[PATCH v2 19/27] pci: PCIe driver for Marvell Armada 370/XP systems

Andrew Murray andrew.murray at arm.com
Tue Jan 29 10:08:03 EST 2013


On Tue, Jan 29, 2013 at 03:02:01PM +0000, Thierry Reding wrote:
> On Tue, Jan 29, 2013 at 03:29:37PM +0100, Thomas Petazzoni wrote:
> > Dear Thierry Reding,
> > 
> > On Tue, 29 Jan 2013 15:20:15 +0100, Thierry Reding wrote:
> > 
> > > If at all possible I think the right thing to do is reuse the generic
> > > pcibios_get_phb_of_node() implementation. On Tegra this turned out to
> > > require a minimal change to the DT bindings of the root port nodes to
> > > make sure they provide the correct address in the reg property.
> > 
> > Could you detail the change that was needed?
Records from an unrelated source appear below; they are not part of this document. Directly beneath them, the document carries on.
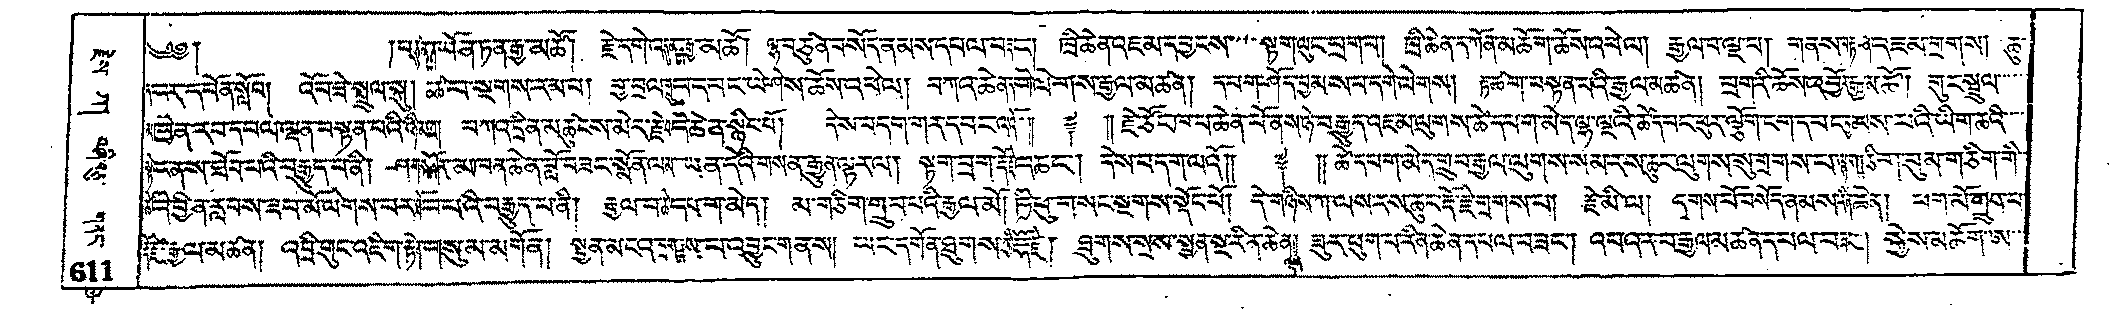༄༅། །བཙུན་ཡོན་ཏན་རྒྱ་མཚོ། །རྗེ་དགེ་འདུན་རྒྱ་མཚོ། ལྷ་བཙུན་བསོད་ནམས་དཔལ་བཟང་། ཁྲི་ཆེན་འཇམ་དབྱངས་སྟག་ལུང་བྲག་པ། ཁྲི་ཆེན་དཀོན་མཆོག་ཆོས་འཕེལ། རྒྱལ་བ་ལྔ་པ། གནས་བརྟན་འཇམ་གྲགས། ཆུ་
དབར་དཔོན་སློབ། འོབ་ཐེ་སྤྲུལ་སྐུ། ཚ་བ་སྔགས་རམ་པ། བྱ་བྲལ་གྲུབ་དབང་ཡེ་ཤེས་ཆོས་འཕེལ། བཀའ་ཆེན་དགེ་ལེགས་རྒྱལ་མཚན། དཔག་ཤོད་བྱམས་པ་དགེ་ལེགས། རྟ་ཚག་བསྟན་པའི་རྒྱལ་མཚན། བྲག་རི་ཆོས་འབྱོར་རྒྱ་མཚོ། གུང་སྦྲུལ་
མཁྱེན་རབ་དཔལ་ལྡན་བསྟན་པའི་ཉི་མ། བཀའ་དྲིན་མཚུངས་མེད་རྗེ་བདེ་ཆེན་སྙིང་པོ། དེས་བདག་གར་དབང་ལའོ།། ༈ །།རྗེ་ཙོང་ཁ་པ་ཆེན་པོ་ནས་ཉེ་བརྒྱུད་འཇམ་ལུགས་ཚེ་དཔག་མེད་ལྷ་ལྔའི་ཚེ་དབང་ཕུར་ལྕོག་ངག་དབང་བྱམས་པའི་ཡིག་ཆའི་
སྟེང་ནས་ཐོབ་པའི་བརྒྱུད་པ་ནི། ཤག་སྐོར་མཁན་ཆེན་བློ་བཟང་སྨོན་ལམ་ཡན་དེའི་གསན་རྒྱུན་ལྟར། ལ། སྟག་བྲག་རྡོ་རྗེ་འཆང་། དེས་བདག་ལའོ།། ༧་།།ཚེ་དཔག་མེད་གྲུབ་རྒྱལ་ལུགས་སམ་རས་ཆུང་ལུགས་སུ་གྲགས་པ་ལྷ་གཅིག་བུམ་གཅིག་གི་
ཆེའི་བྱིན་རླབས་ཟབ་མོ་ལེགས་པར་ཐོབ་པའི་བརྒྱུད་པ་ནི། རྒྱལ་བ་ཚེ་དཔག་མེད། མ་གཅིག་གྲུབ་པའི་རྒྱལ་མོ། ཏི་ཕུ་གསང་སྔགས་སྡོང་པོ། དེ་གཉིས་ཀ་ལས་རས་ཆུང་རྡོ་རྗེ་གྲགས་པ། རྗེ་མི་ལ། དྭགས་པོ་བསོད་ནམས་རིན་ཆེན། ཕག་མོ་གྲུབ་པ་
རྡོ་རྗེ་རྒྱལ་མཚན། འབྲི་གུང་འཇིག་རྟེན་གསུམ་མགོན། སྤྱན་མངའ་གྲགས་པ་འབྱུང་གནས། ཡང་དགོན་ཐུགས་ཀྱི་རྡོ་རྗེ། ཐུགས་སྲས་སྤྱན་སྔ་རིན་ཆེན་ལྡན། ཟུར་ཕུག་པ་རིན་ཆེན་དཔལ་བཟང་། འབའ་ར་བ་རྒྱལ་མཚན་དཔལ་བཟང་། སྐྱེས་མཆོག་ཨ་

The DT bindings I use for
> > the Marvell PCIe driver are very, very similar to the ones you use for
> > Tegra, since I basically inspired my entire DT binding on your work.
> > And still, I think of_irq_map_pci() wasn't working for me.
> 
> Now that I think about it, there were a few more changes needed.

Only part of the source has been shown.